Diğer karakter çalışması, Mads Matthiesen’in filmi “Teddy Bear”. Vücudunu, kaslarını geliştirerek bu alanda bir çok ödül kazanan 38 yaşındaki iriyarı Dennis (Kim Kold), ufak tefek , fakat gayet otoriter annesi ile yaşamaktadır.
Film Society of Lincoln Center
“Teddy Bear” den bir sahne
Dennis, gerçek bir aşk, bir hayat arkadaşının özlemi içindedir. Amcası, Tayland’da tanıştığı biriyla evlenince Dennis’de şansını orada denemeğe karar verir. Tayland’da tanıştırıldığı kadınlar Dennis’e umduğu, istediği ilişkiyi veremezler. Ummadığı bir zamanda birisiyle tanışır ve aradığı kadını bulur. Tek sorunu; O’nu annesine nasıl tanıştıracaktır….. O kocaman, iriyarı vucudun içindeki hassas, sevecen, aşk, sevgi arayan kalp, yönetmenin ve aktörün başarısı ile çok iyi işlenmiş.

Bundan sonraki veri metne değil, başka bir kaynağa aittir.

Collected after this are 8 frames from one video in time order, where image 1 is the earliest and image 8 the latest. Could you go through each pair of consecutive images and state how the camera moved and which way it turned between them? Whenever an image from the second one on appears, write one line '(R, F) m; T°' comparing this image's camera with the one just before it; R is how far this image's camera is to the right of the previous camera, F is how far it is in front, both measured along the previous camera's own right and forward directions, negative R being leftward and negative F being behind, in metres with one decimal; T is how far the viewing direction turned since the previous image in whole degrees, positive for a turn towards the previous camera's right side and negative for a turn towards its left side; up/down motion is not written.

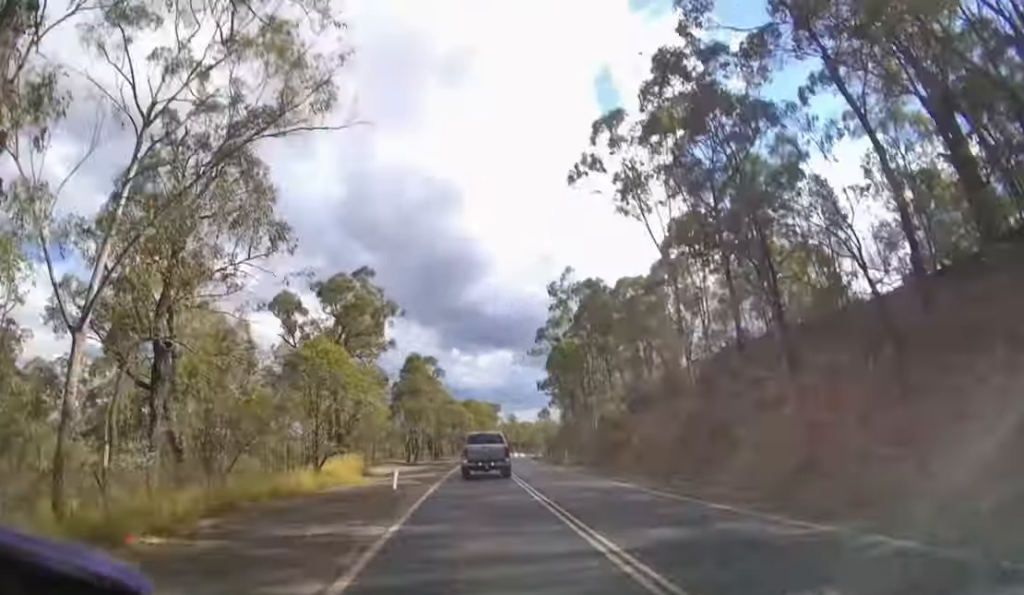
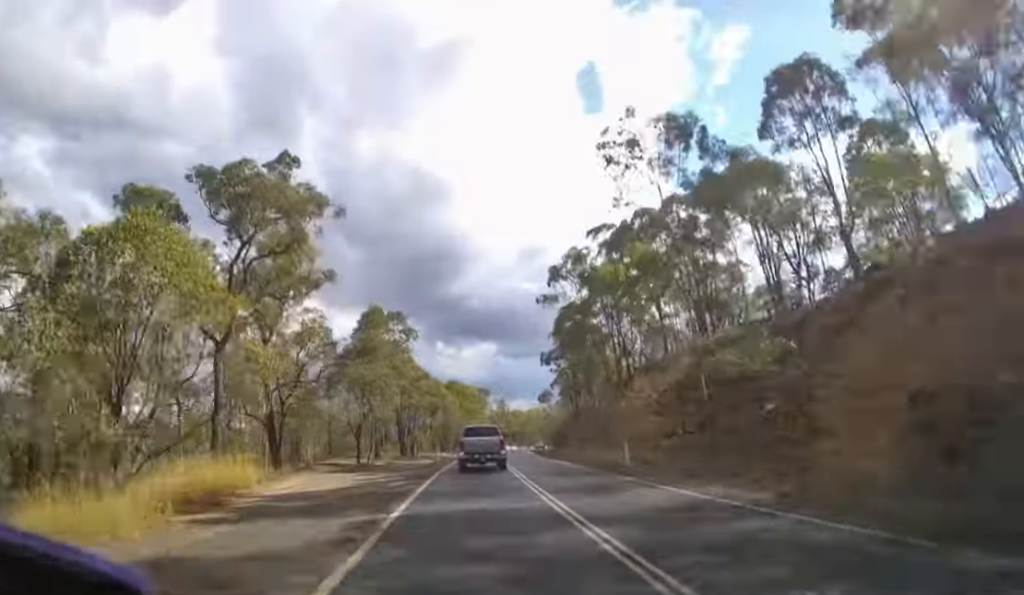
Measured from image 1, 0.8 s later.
(+0.2, +18.7) m; +2°
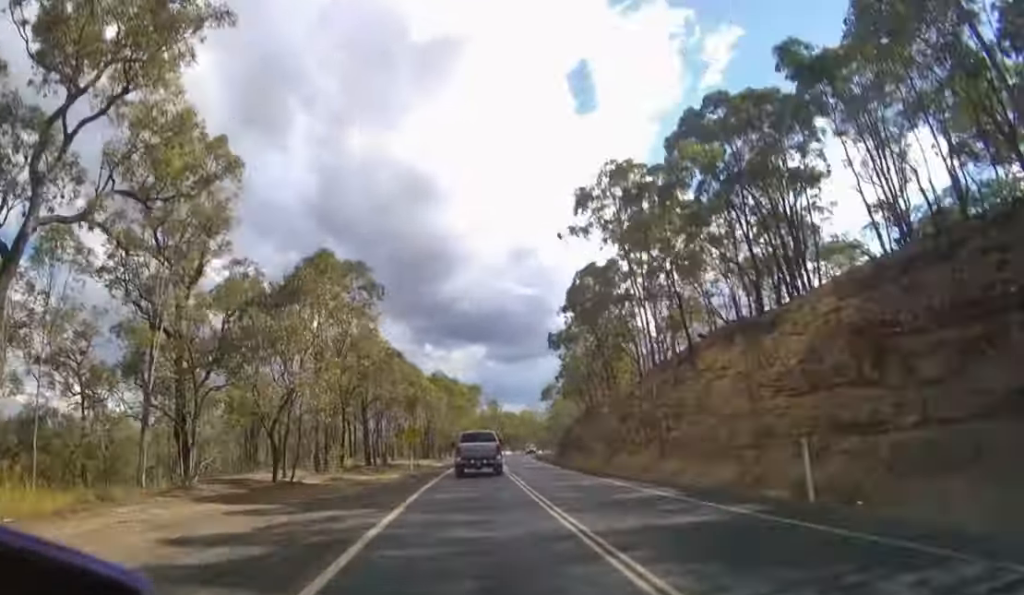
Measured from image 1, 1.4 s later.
(+0.2, +12.7) m; +1°
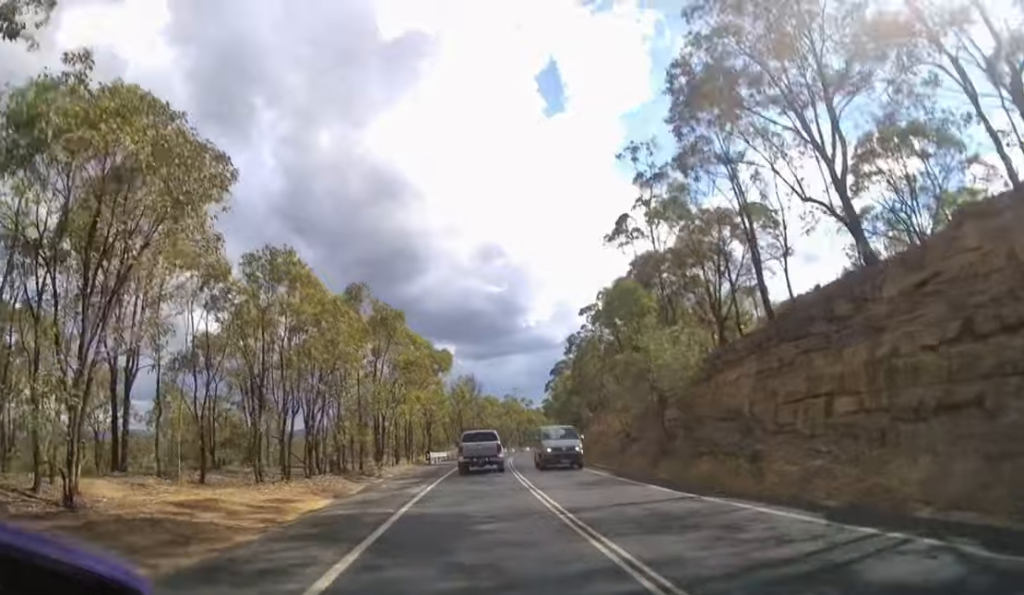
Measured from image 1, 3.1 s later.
(+1.0, +34.3) m; +3°
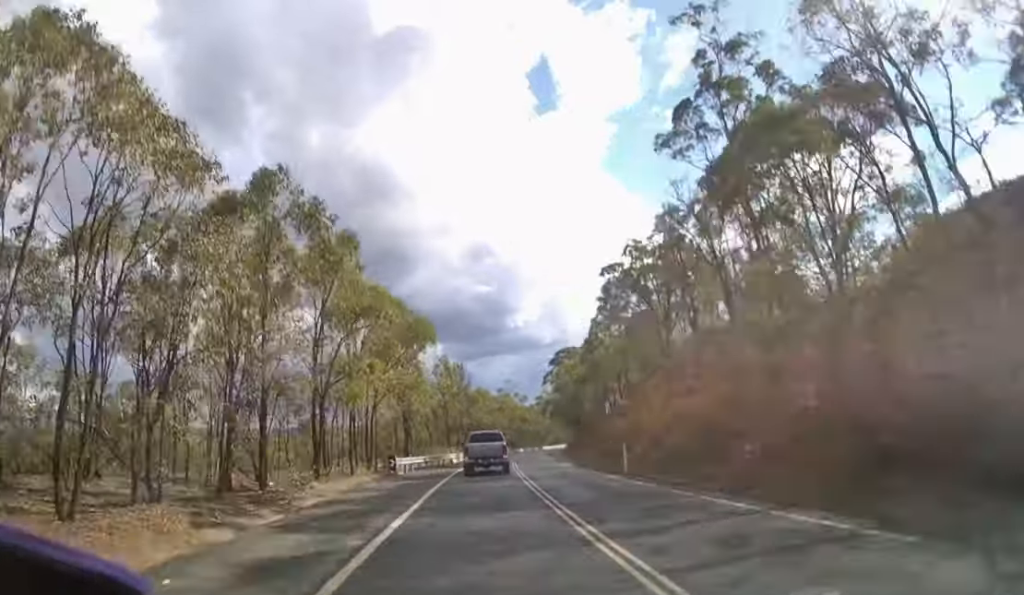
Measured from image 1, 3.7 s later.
(0.0, +11.6) m; +1°
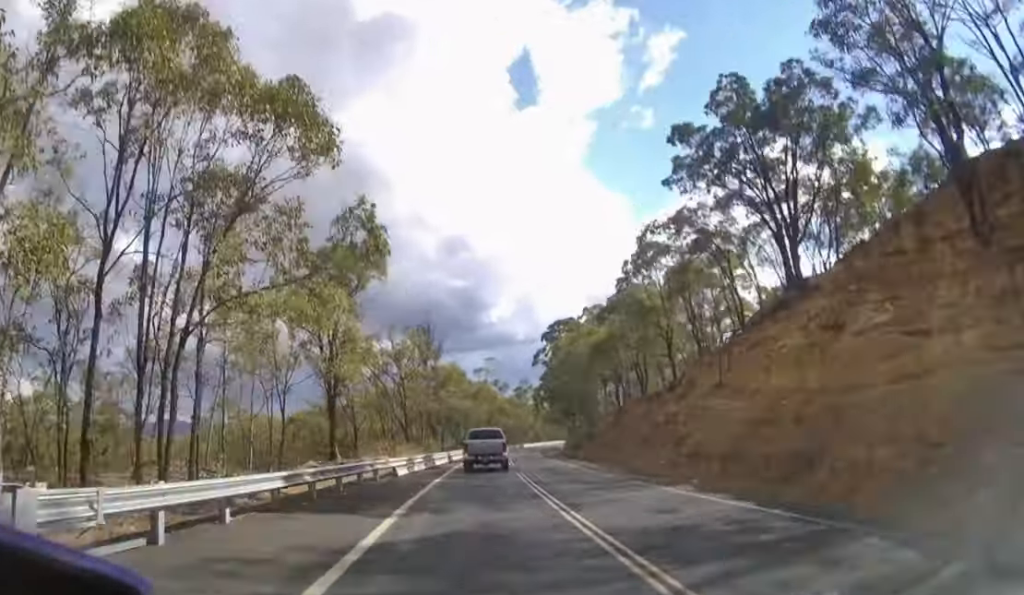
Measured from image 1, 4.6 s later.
(+0.3, +15.9) m; +2°
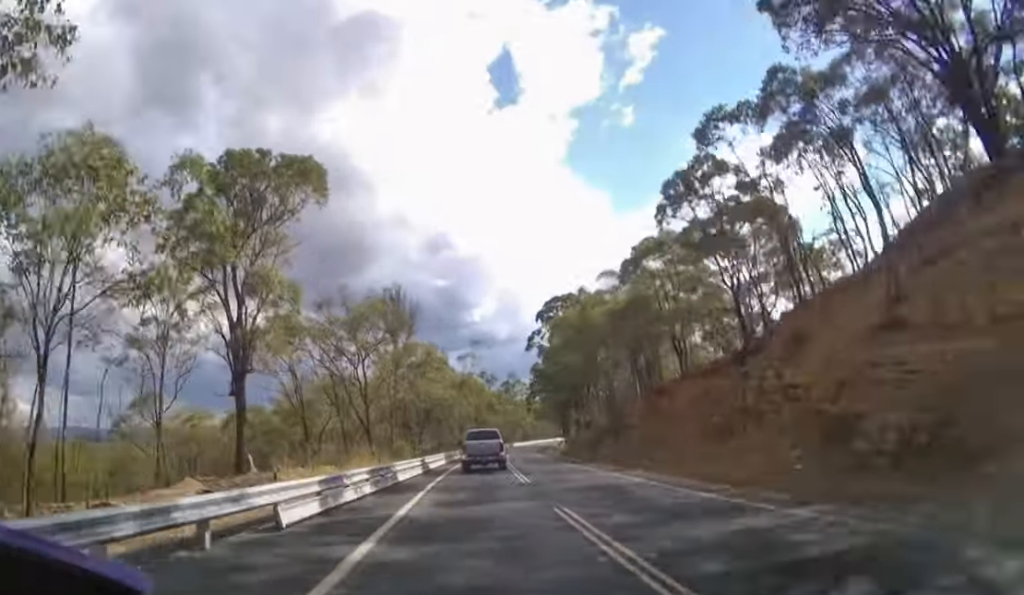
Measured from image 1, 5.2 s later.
(+0.2, +9.4) m; +1°
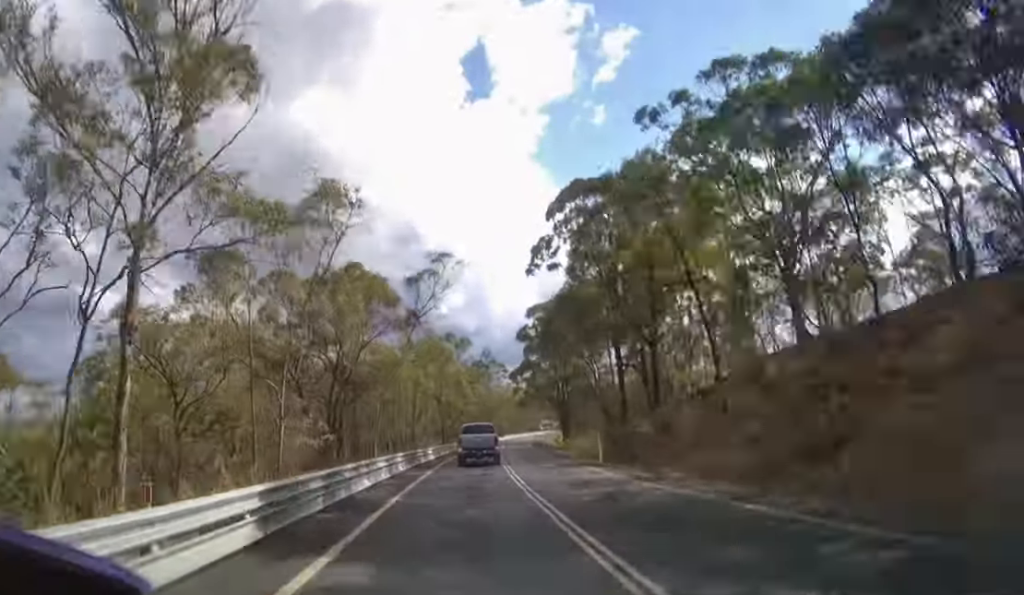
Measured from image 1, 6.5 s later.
(+0.7, +25.1) m; +4°

Festivalde birde yıkılan aşkı ve mantarı temel alan bir film var: Jason Cortlund’un yazdığı ve Julia Harperin ile beraber yönettiği “Now, Forager”. Lucien (Jason Cortlund) ve karısı Regina (Tiffany Esteb) mantar toplayıp, bunları lokantalara satarak hayatlarını sürdüren bir çifttir. Yalnız mantardan yaptıkları para yetmeyince Regina bir lokantada aşcı olarak çalışmaya karar verir. Lucien ise evi bırakıp, seyahat edip, zamanlarını başka yerlerde mantar aramak önerisi ile gelir. Ve bu, yollarının ayrılmasına kapı açar.
Eğer film güzelse onu birçok festivalde görmek mümkün. The Film Society of Lincoln Center ve The Museum of Modern Art (MoMA)’nın yıllık düzenlediği 41. “New Directors/New Films” festivalinde bu yıl, 28 ülkeden beşi belgesel olan 29 film var. Ve bunun en azından 9 tanesi, 31 Mart-15 Nisan arasında yapılan 31. Uluslararası Istanbul Film Festivali (2012)’nin programında da yer alıyor.